Crafting Your Own Dataset for Fine-Tuning Llama2 in Google Colab: A Step-by-Step Guide (part 2)

5 min readFeb 10, 2024

(This is a continuation from here)

In the last article, we built an instruction-response dataset on the movie Barbie. We will now do the fine-tuning.

**We will make the Llama learn about Barbie**

As part of our routine, let’s begin with some crucial installations. Make sure that you complete these steps, as the landscape is constantly changing and Colab’s default installations may not always be super reliable.

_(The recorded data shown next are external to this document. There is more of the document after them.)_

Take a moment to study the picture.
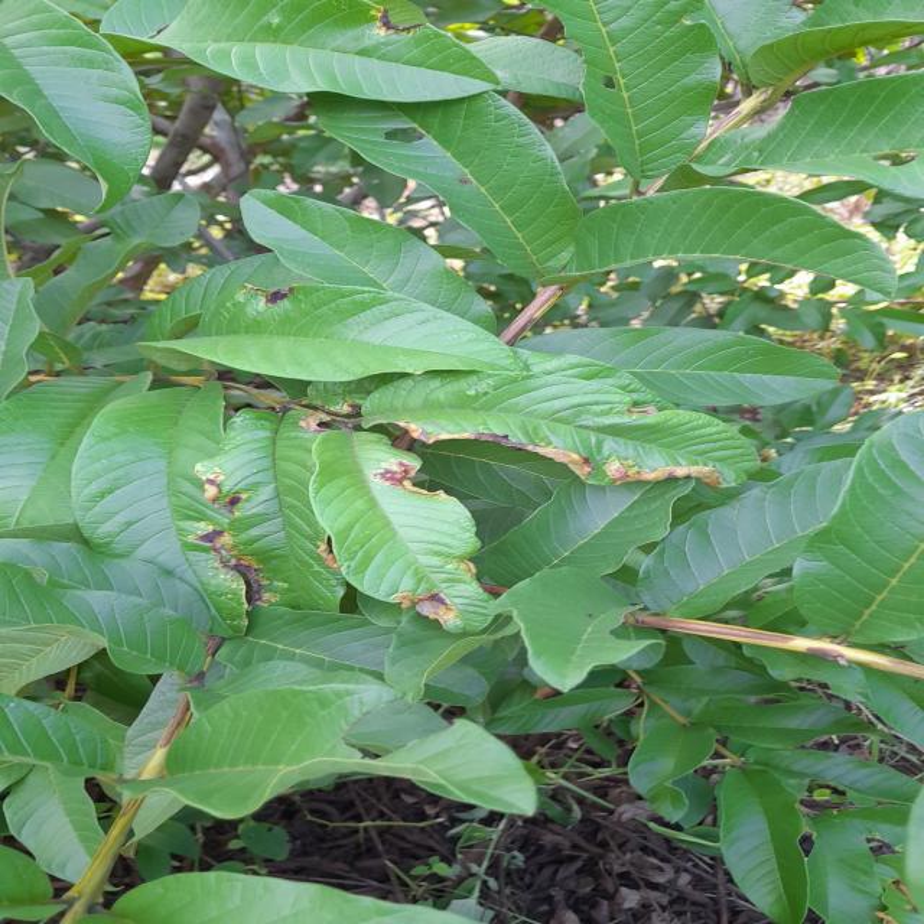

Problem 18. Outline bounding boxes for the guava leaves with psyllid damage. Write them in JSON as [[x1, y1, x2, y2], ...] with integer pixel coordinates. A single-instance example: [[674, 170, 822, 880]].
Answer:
[[345, 352, 770, 487], [284, 426, 519, 640]]
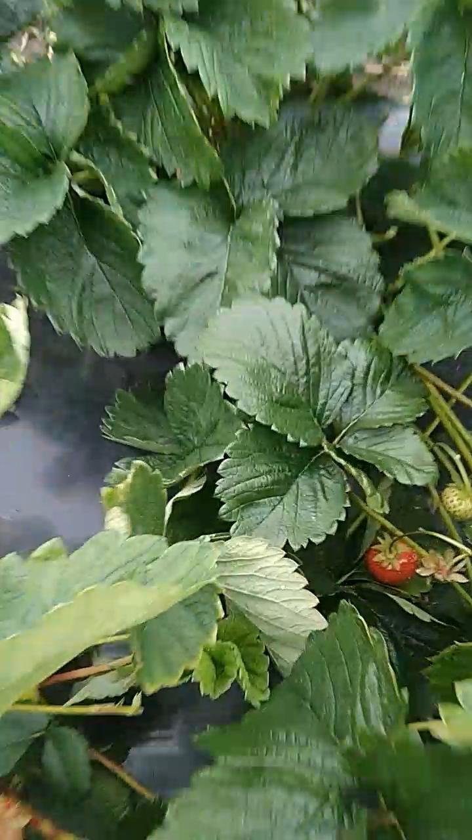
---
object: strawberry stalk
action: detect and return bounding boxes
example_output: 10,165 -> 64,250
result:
379,530 -> 410,563
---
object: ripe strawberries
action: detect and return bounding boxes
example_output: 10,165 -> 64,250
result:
370,530 -> 422,588
438,478 -> 472,526
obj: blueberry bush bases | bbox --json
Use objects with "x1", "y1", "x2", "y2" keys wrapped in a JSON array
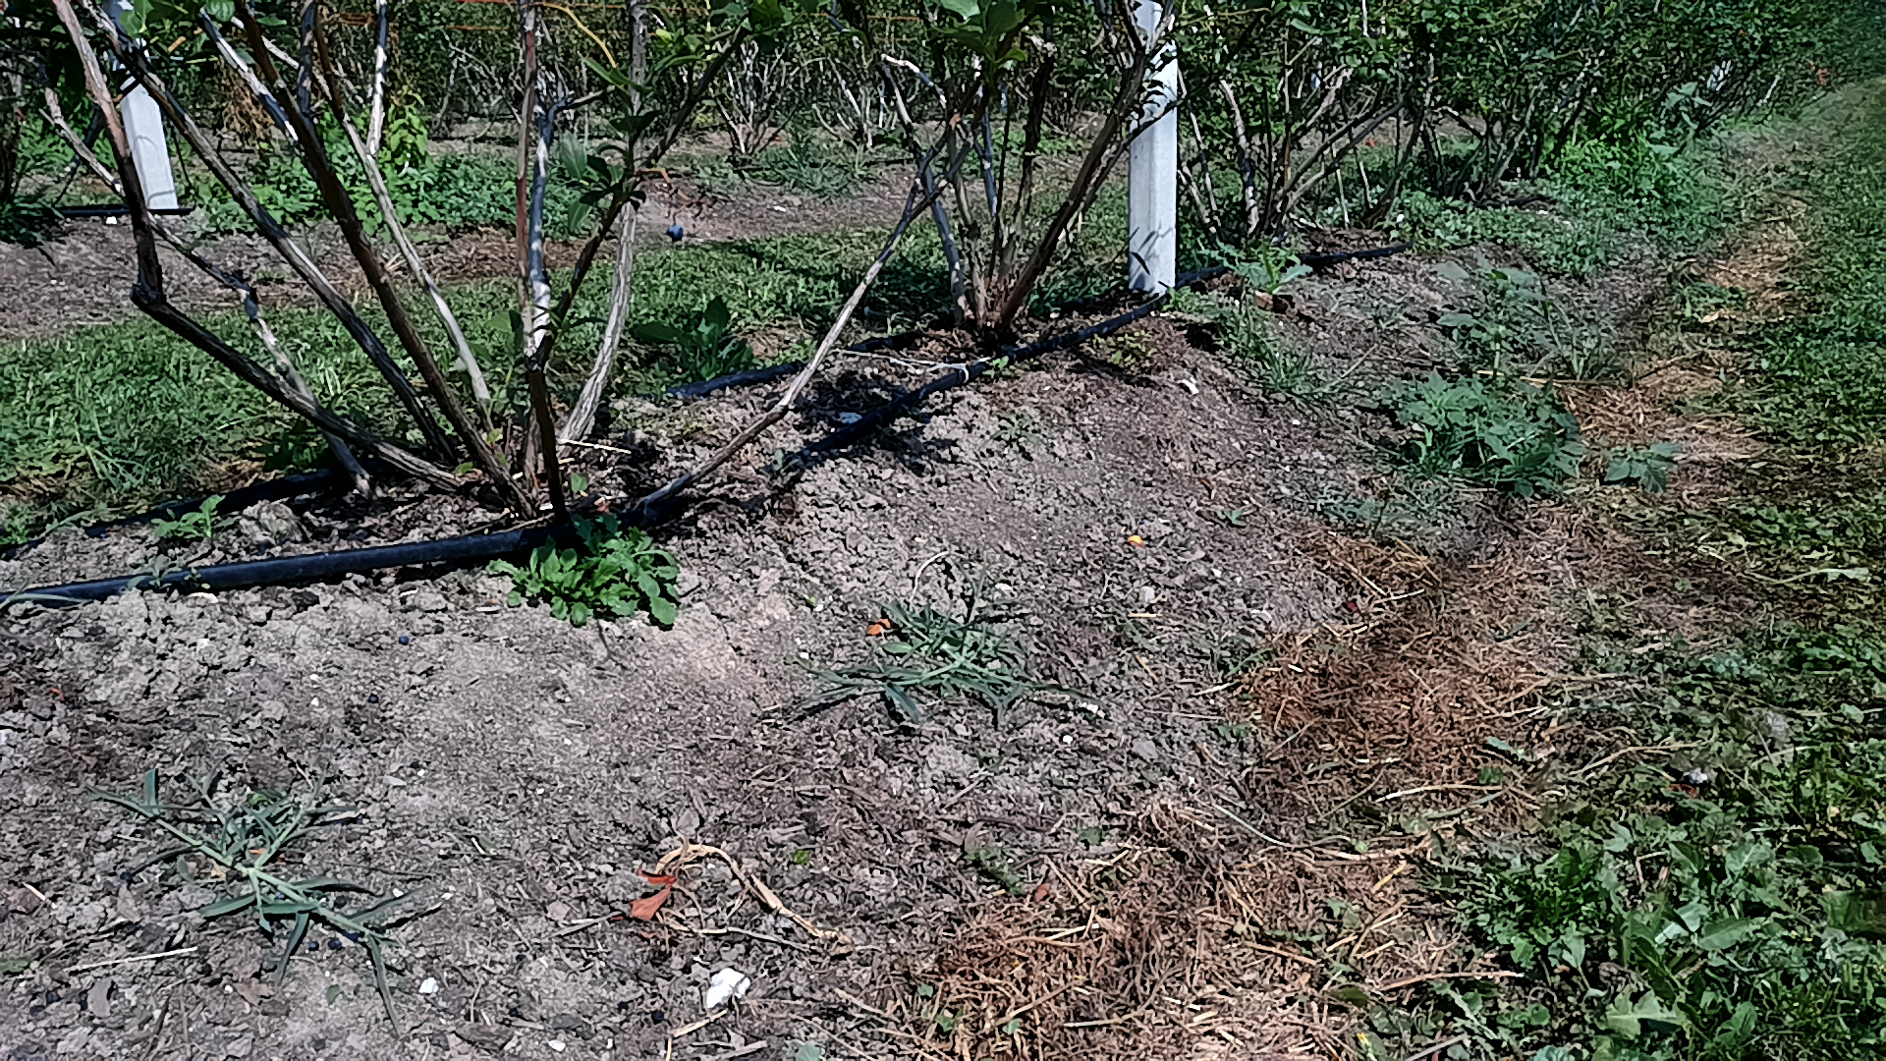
[
  {"x1": 1318, "y1": 166, "x2": 1427, "y2": 248},
  {"x1": 1191, "y1": 146, "x2": 1362, "y2": 281},
  {"x1": 905, "y1": 204, "x2": 1091, "y2": 375},
  {"x1": 710, "y1": 127, "x2": 778, "y2": 182},
  {"x1": 1427, "y1": 126, "x2": 1578, "y2": 232},
  {"x1": 234, "y1": 289, "x2": 680, "y2": 582}
]
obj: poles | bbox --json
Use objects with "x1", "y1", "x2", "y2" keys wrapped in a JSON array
[
  {"x1": 80, "y1": 5, "x2": 194, "y2": 248},
  {"x1": 1115, "y1": 19, "x2": 1190, "y2": 305}
]
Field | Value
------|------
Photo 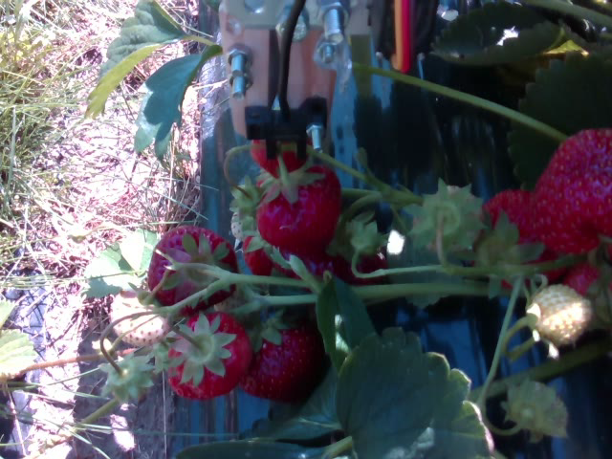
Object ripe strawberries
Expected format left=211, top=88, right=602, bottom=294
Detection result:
left=244, top=137, right=324, bottom=173
left=248, top=168, right=348, bottom=265
left=232, top=311, right=338, bottom=405
left=535, top=122, right=610, bottom=239
left=139, top=221, right=243, bottom=306
left=154, top=319, right=252, bottom=411
left=475, top=192, right=573, bottom=277
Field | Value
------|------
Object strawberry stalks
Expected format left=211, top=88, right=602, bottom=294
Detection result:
left=175, top=307, right=217, bottom=363
left=269, top=157, right=302, bottom=200
left=173, top=255, right=234, bottom=283
left=476, top=226, right=519, bottom=295
left=429, top=207, right=453, bottom=258
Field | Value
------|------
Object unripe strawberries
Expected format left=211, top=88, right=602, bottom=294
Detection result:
left=525, top=284, right=597, bottom=346
left=405, top=183, right=478, bottom=254
left=99, top=277, right=176, bottom=348
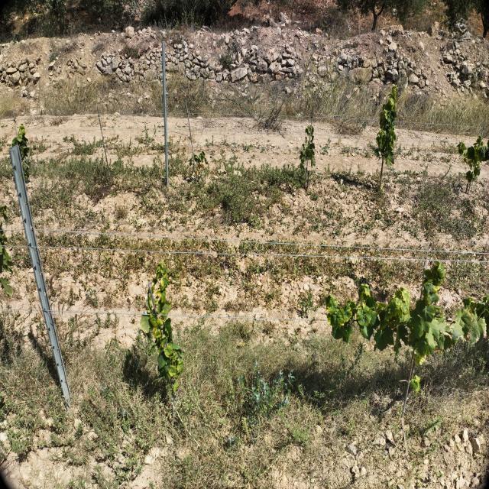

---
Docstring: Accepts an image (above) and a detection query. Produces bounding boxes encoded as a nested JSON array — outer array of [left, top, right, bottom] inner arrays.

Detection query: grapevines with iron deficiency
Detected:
[[318, 251, 489, 432], [131, 257, 202, 413]]
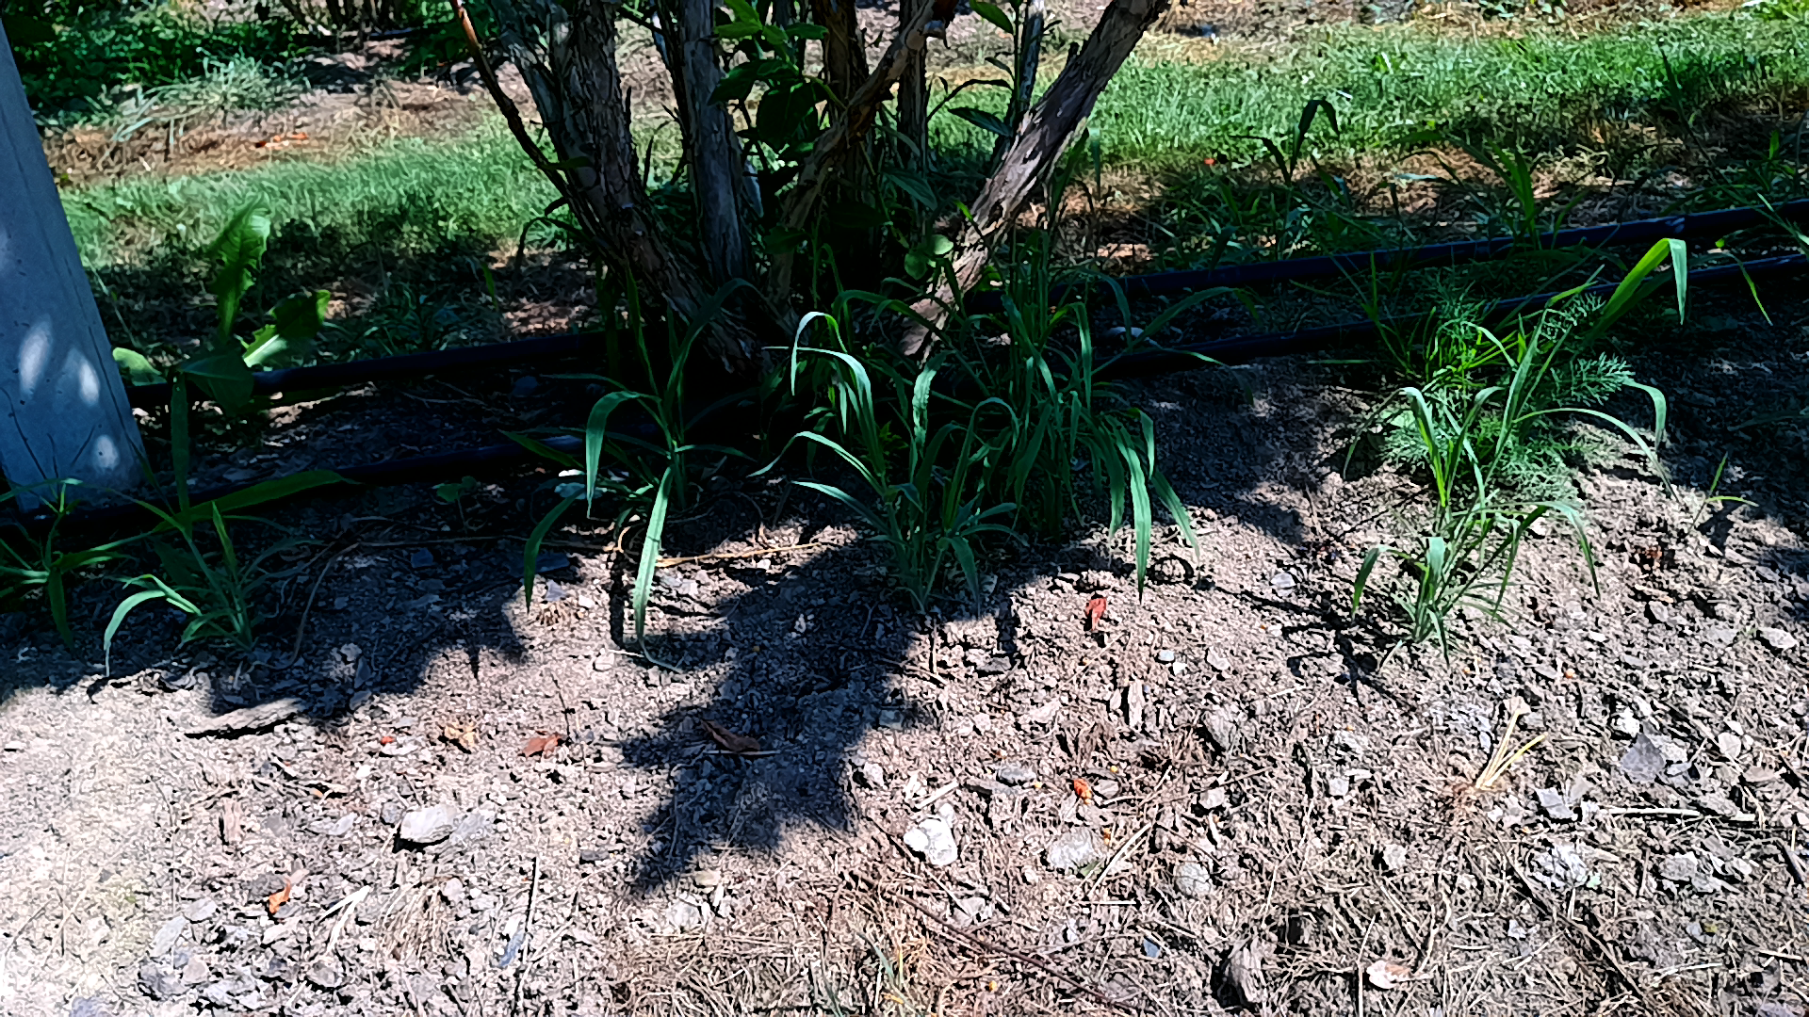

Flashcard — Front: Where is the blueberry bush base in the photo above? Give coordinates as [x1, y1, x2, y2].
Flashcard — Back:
[478, 62, 1165, 622]
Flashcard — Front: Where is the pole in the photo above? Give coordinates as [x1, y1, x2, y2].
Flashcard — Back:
[0, 16, 187, 580]
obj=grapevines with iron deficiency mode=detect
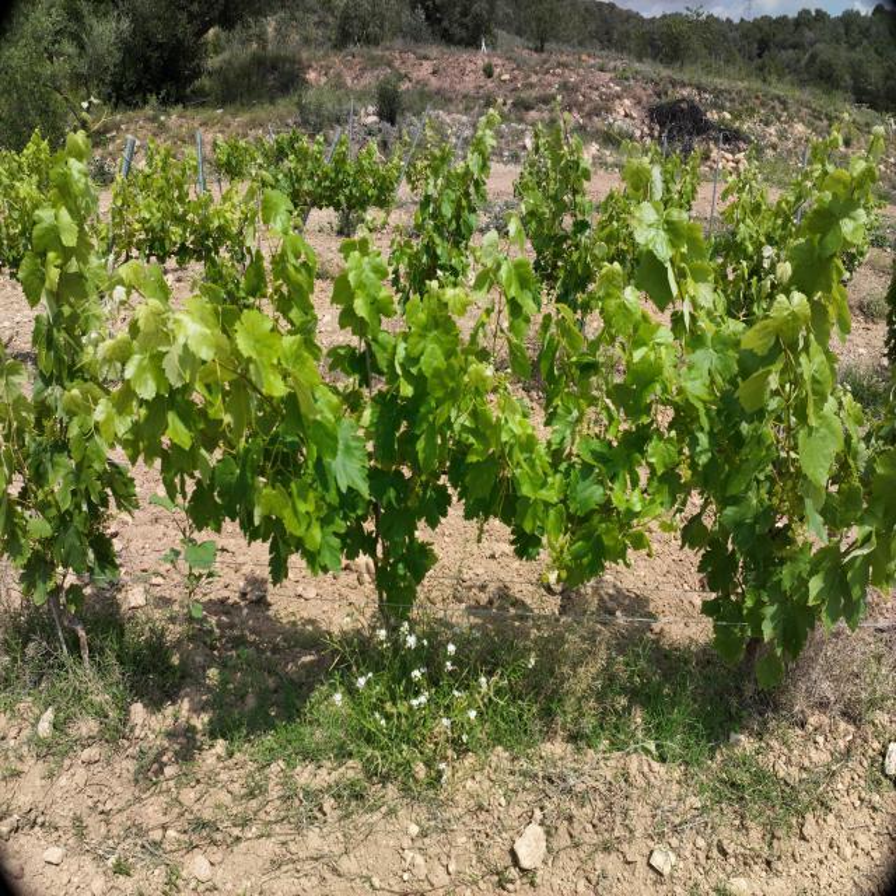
[0,211,171,694]
[123,220,574,701]
[561,160,896,730]
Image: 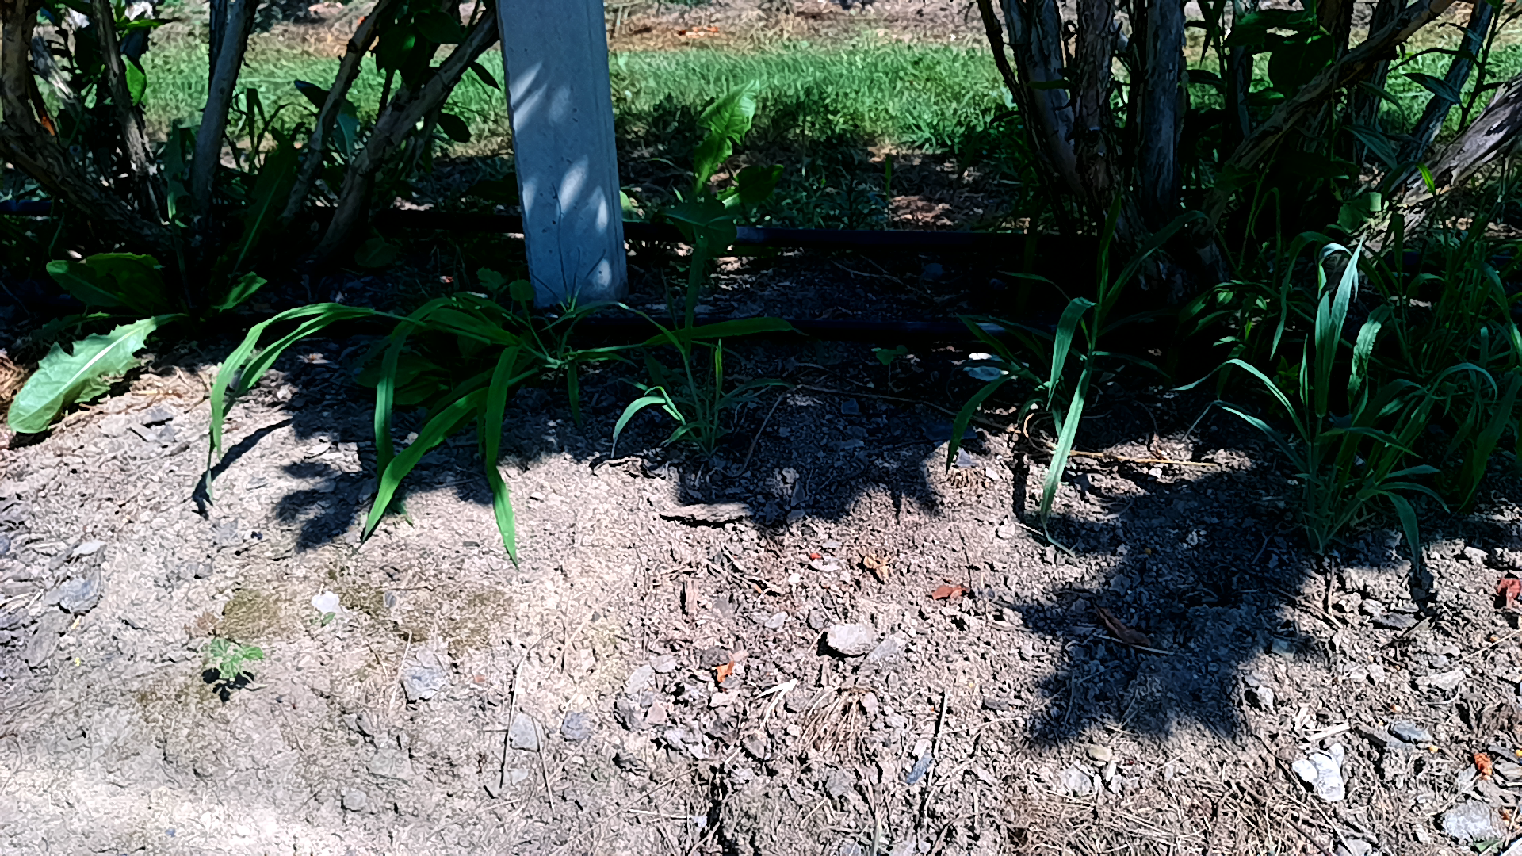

!pip install -U transformers datasets trl peft accelerate bitsandbytes

And here’s our important imports

## important imports
import torch
from datasets import load_dataset
from transformers import (
    AutoModelForCausalLM,
    AutoTokenizer,
    BitsAndBytesConfig,
    TrainingArguments,
    pipeline,
)
from peft import LoraConfig, PeftModel, prepare_model_for_kbit_training
from trl import SFTTrainer
import warnings
import datasets
import pandas as pd
import numpy as np
import time

We upload the dataset we created in the last article. Feel free to select alternative datasets of your choice, ensuring you have a way to construct the instruction-response pairs.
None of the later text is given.